For the moment, we have to decide which type of data must be observed and, specifically,
which phrases and terms are potential subjects for a systematic study of translation.
Until now, our
approach has been based on the empirically verified postulate that the corpus texts used
for examining data represent well-formed and subsequent phrases respecting specific
constraints, therefore allowing us to distinguish a discourse construction from an
anarchic set of phrases lacking coherence and consistency.
This starting
point is important because it puts a great deal of emphasis, in the observation and
analysis, on the significance of textual linguistics in comparison with theoretical and
general linguistics.

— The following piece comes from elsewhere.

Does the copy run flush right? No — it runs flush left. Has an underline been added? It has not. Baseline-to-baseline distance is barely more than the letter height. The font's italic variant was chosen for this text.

This means that we are pursuing several objectives: first,
recognizing a text from a series of phrases with no logical or semantic link between them,
secondly, tagging the content of the text from a typological point of view (technical,
journalistic, etc.) and finally, classifying the information extracted according to a
previously defined protocol and linguistic criteria.
To achieve these
objectives, not only must an observation methodology be adopted but results should also be
expressed in appropriate language. Therefore, in a text, we must learn to observe, on the
one hand, phrases according to the three levels of analysis (morphological, semantic,
syntactic) and, on the other, relationships between phrases according to the discourse
type (argumentative model or textual anaphora).
Once the
methodology has been adopted, some work hypotheses can be made while referring to three
main axes: firstly, the type of formalism used, secondly, the linguistic extension or
portability[3]
and finally the aim or objectives of the analysis.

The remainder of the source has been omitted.